Tenemos la fortuna de vivir en un rincón del planeta en el que la naturaleza es generosa y serena. Son escasas las catástrofes naturales a las que hemos tenido que hacer frente y éstas son más parte de un anecdotario para contar que una realidad acuciante que nos deba preocupar. Huracanes, tornados, tsunamis y terremotos son fenómenos naturales de los que hemos aprendido por lo acontecido en territorios remotos, en libros y en películas.
Lo mismo ocurre con los voraces tiburones, los feroces leones o las serpientes venenosas. No son de aquí.

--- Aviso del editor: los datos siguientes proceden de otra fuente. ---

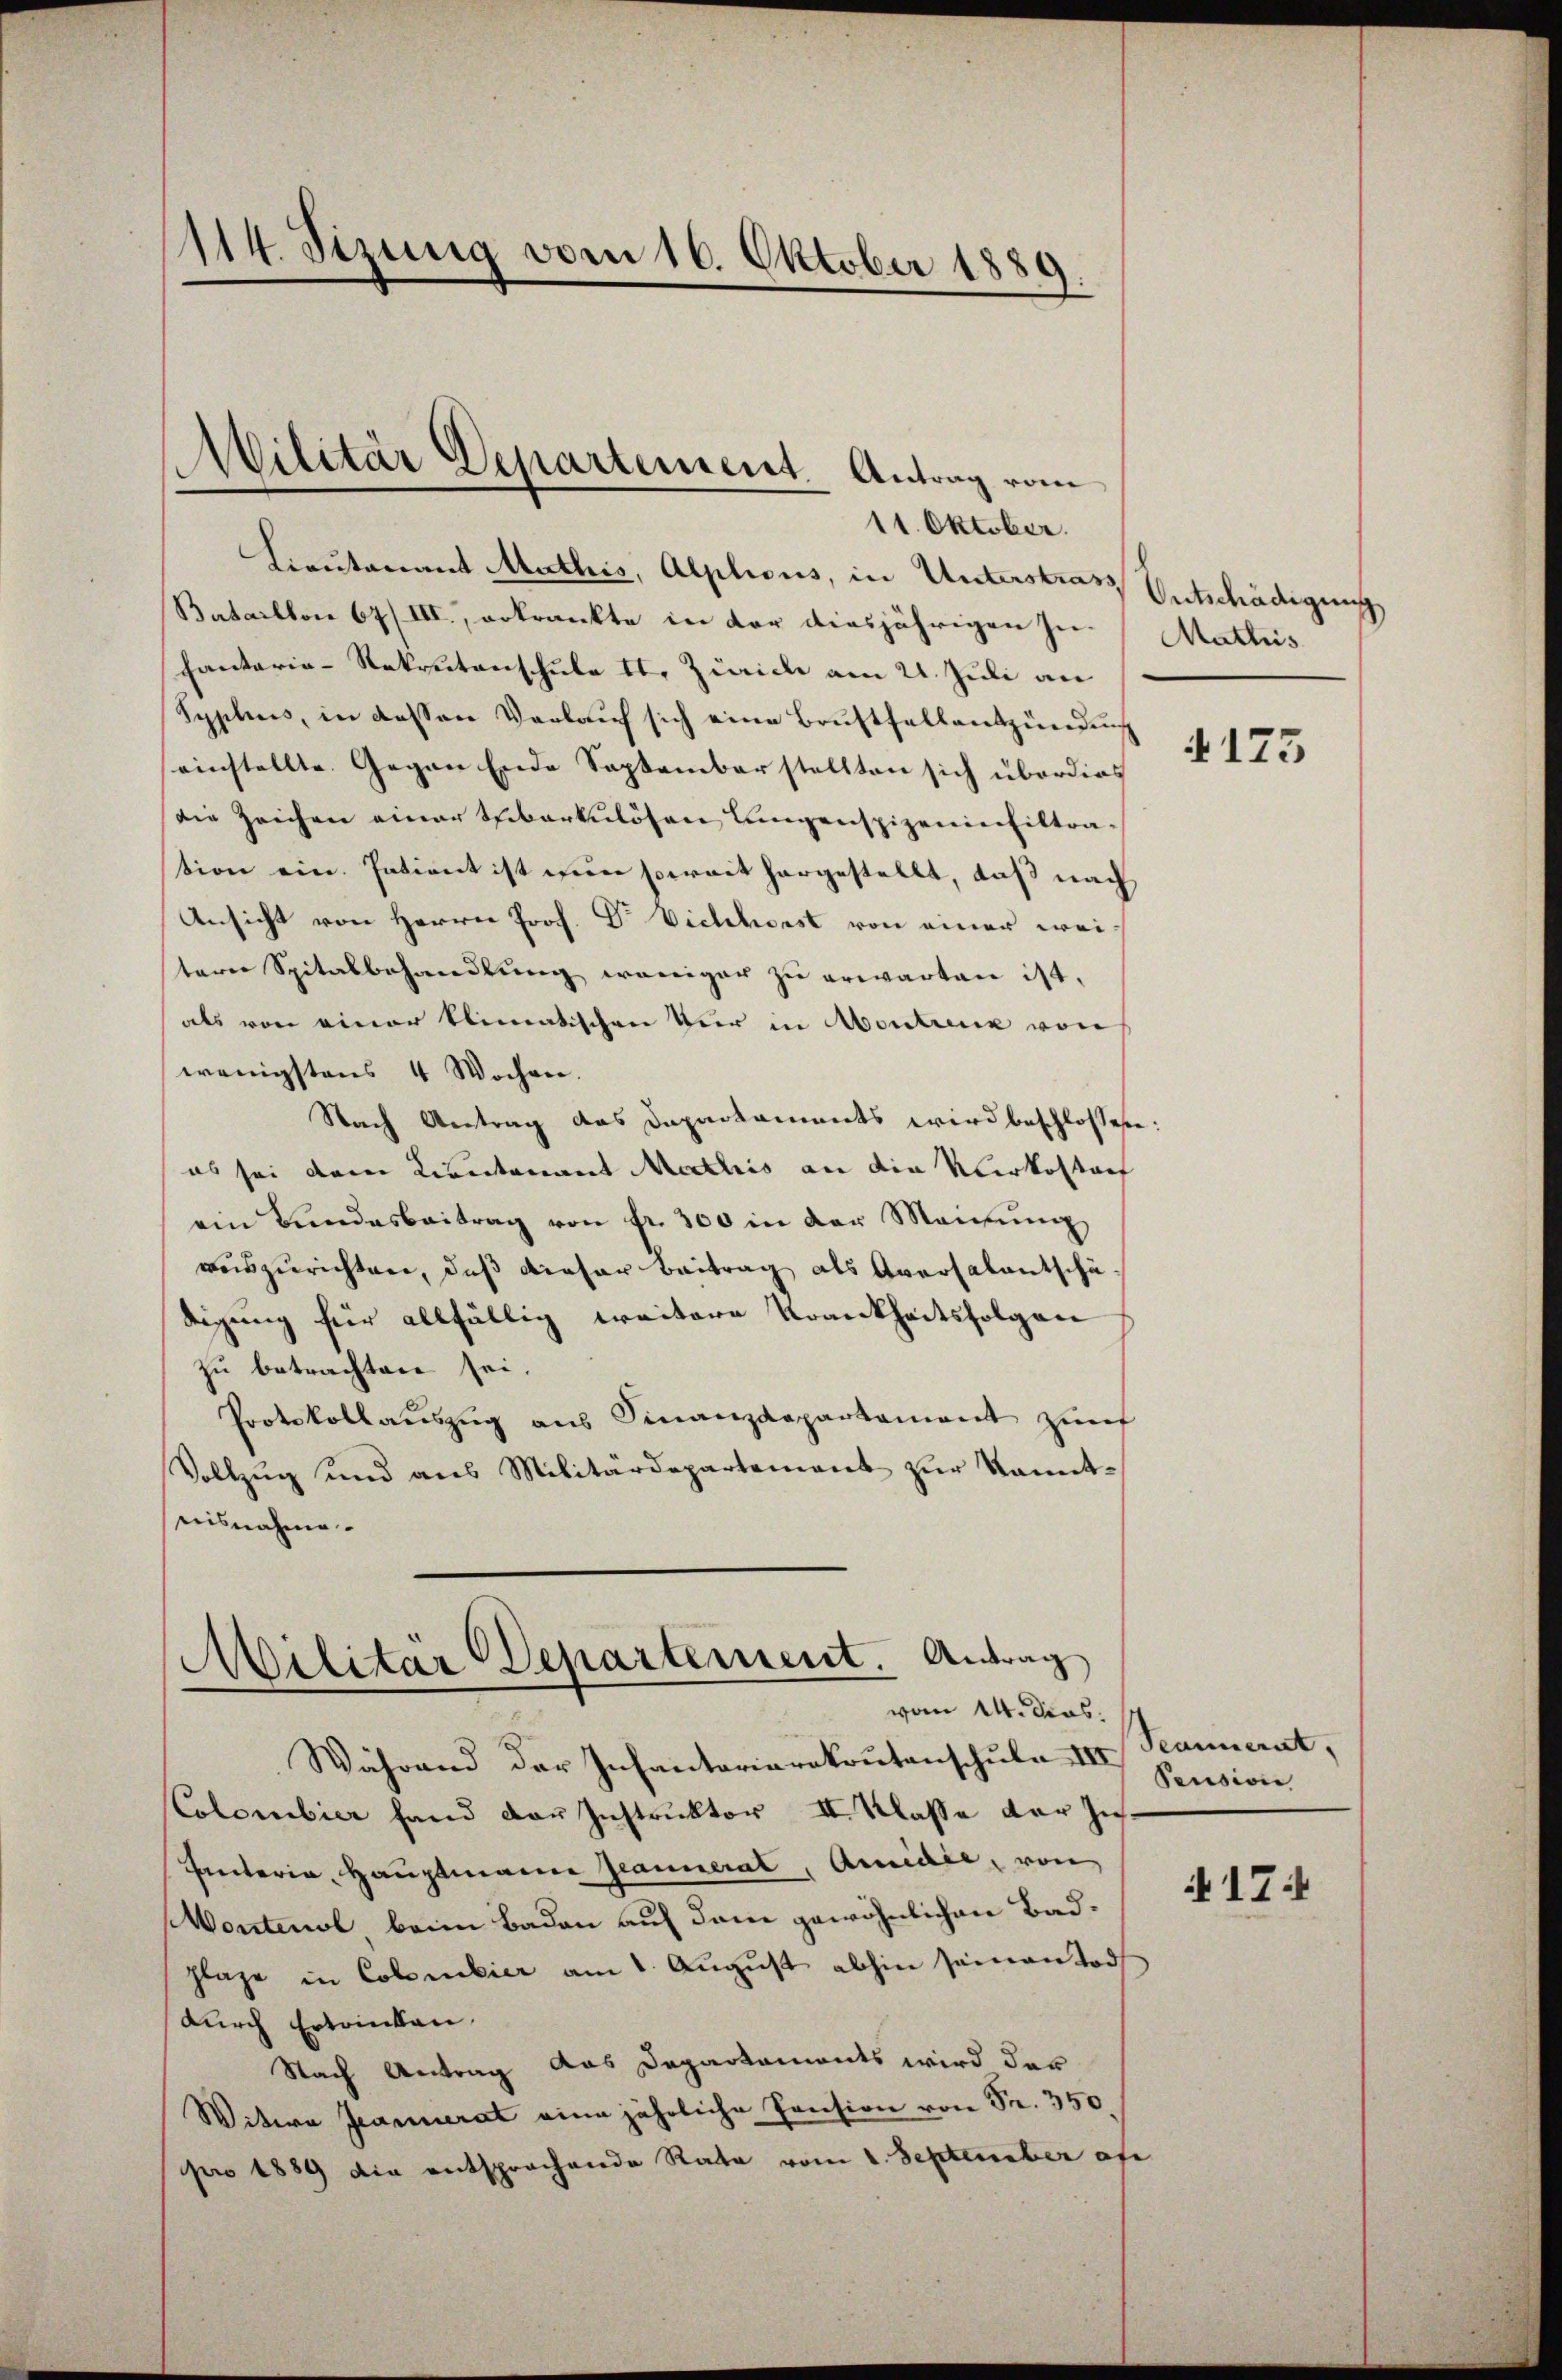
114. Sizung vom 16. Oktober 1889

(Militär Departement. Antrag vom

11. Oktober.
Lieutenant Mathis, Alplicus, in Unterstrat Entschädigung
Bataillon 67/III., erkrankte in der diesjährigen zu. Mathis
hantaria-Rekrutenschule 11. Zürich am 21. Juli an
Syphus, in dessen Verlauf sich eine Brustfellentzündung
einstellte. Gegen Ende September stellten sich überdies
die Zeichen einer Scheberkulösen Langenspizeninfiltration ein. Intient ist nun soweit hergestellt, daß nach
Ansicht von Herrn Prof. Dr. Viehhorst von einer weitern Spitalbehandlung weniger zu erwarten ist,
als von einer klimatischen Vor in Montreux von
wenigstens 4 Wochen.
Nach Antrag das Departaments wird beschlossen:
es sei dem Kientenant Meethis an die Verkostenf
ein Bundesbeitrag von fr. 300 in der Meinŭng
auszurichten, daß dieser Beitrag als Aversalentschä
digung für allfällig weitere Krankheitsfolgen
zu betrachten sei.
Protokollaŭszŭg ans Finanzdepartament zŭm
Vollzug und ans Militärdepartement zur kannt-
nisnahme.

Militär Departement. Antrag
vom 14. dies

Während der Infantoriarekrutenschule III. Traunerat,
CColombier fand der Instruktor II. Klasse der Juch.
Interia Hauptmann Jeanneral, Anniale, von
Vontenol beim Baden auf dem gewöhnlichen Badhlage in Colombier am 1. August abhin seinen Tod
durch Ertrinken.
Nach Antrag das Departemonts wird der
Witwe Jeannerat eine jährliche Pension von Fr. 350.
pro 1889 die entsprochende Rata vom 1. September abe

4175

Pension,

N 17:

Pero, a pesar de que pocos de nosotros hemos tenido ocasión de ser testigos presenciales de esas manifestaciones de la fiereza de la naturaleza, esas referencias lejanas nos han bastado para adquirir conciencia de nuestra pequeñez y fragilidad en un planeta de dimensiones de gigante.
El gran proyecto denominado Ciencia que emprendimos desde que somos humanos tenía y tiene precisamente el objetivo principal de explicar y comprender el mundo natural que nos rodea y, en ese empeño, uno de sus capítulos más importantes está dedicado a esos momentos en los que naturaleza muestra su cólera, cuando “Dios decide jugar a los bolos”.

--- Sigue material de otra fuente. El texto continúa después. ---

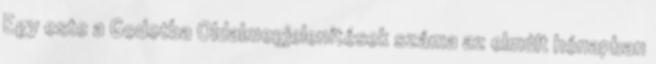
Egy este a Godotba Oldalmegjelenítések száma az elmúlt hónapban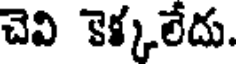
చెవి కెక్కలేదు.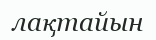
лақтайын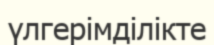
үлгерімділікте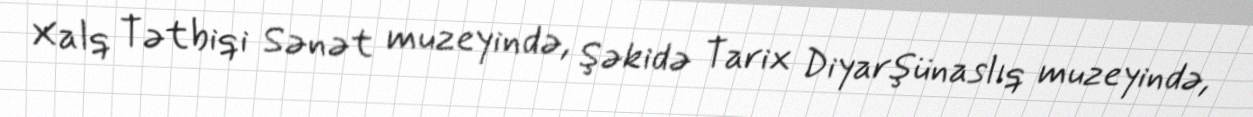
Xalq Tətbiqi Sənət muzeyində, Şəkidə Tarix Diyarşünaslıq muzeyində,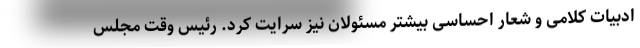
ادبیات کلامی و شعار احساسی بیشتر مسئولان نیز سرایت کرد. رئیس وقت مجلس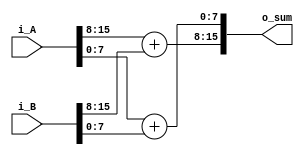
module complex_add (
    i_A,
    i_B,
    o_sum
);

input wire [15:0] i_A, i_B;
output wire [15:0] o_sum;

// Intermediate wires
wire [7:0] a_real = i_A[15:8];
wire [7:0] a_imag = i_A[7:0];

wire [7:0] b_real = i_B[15:8];
wire [7:0] b_imag = i_B[7:0];

// Simple complex addition
assign o_sum[15:8] = a_real + b_real;
assign o_sum[7:0] = a_imag + b_imag;

endmodule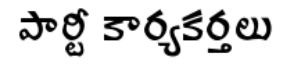
పార్టీ కార్యకర్తలు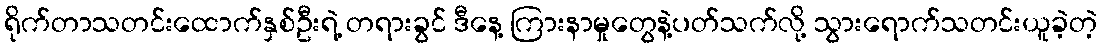
ရိုက်တာသတင်းထောက်နှစ်ဦးရဲ့ တရားခွင် ဒီနေ့ ကြားနာမှုတွေနဲ့ပတ်သက်လို့ သွားရောက်သတင်းယူခဲ့တဲ့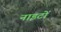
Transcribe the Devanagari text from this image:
नाइटों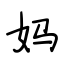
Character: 妈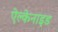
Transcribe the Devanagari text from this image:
ऐल्केनाइड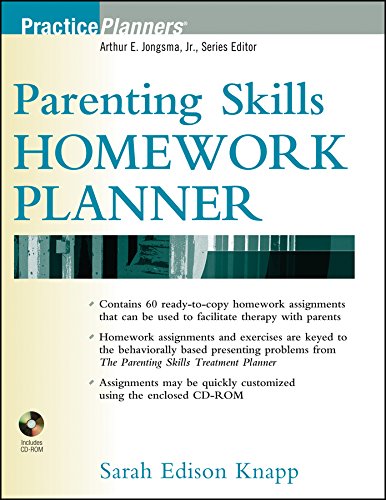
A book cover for Parenting Skills Homework Planner; Sarah Edison Knapp; Medical Books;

Y entre los diferentes escenarios posibles, los terremotos constituyen, sin duda, una de las expresiones naturales con mayor poder destructivo. Pero nosotros vivimos en tierra segura también desde ese punto de vista pues, aunque nuestros sismógrafos registren periódicamente pequeños temblores, pocos han pasado de ser pura anécdota.
Basta sin embargo mirar a Lorca (11 de mayo del 2011) o a L’Aquila (6 de abril del 2009) para darse cuenta de lo frágiles que son nuestras urbes y civilización cuando la tierra tiembla. Grandes edificios y construcciones históricas cayeron como castillos infantiles de arena a pesar de que estos episodios no alcanzaron niveles máximos en la escala de Richter (en honor del sismólogo Charles Richter (1900-1985)) que mide la cantidad de energía que libera un terremoto.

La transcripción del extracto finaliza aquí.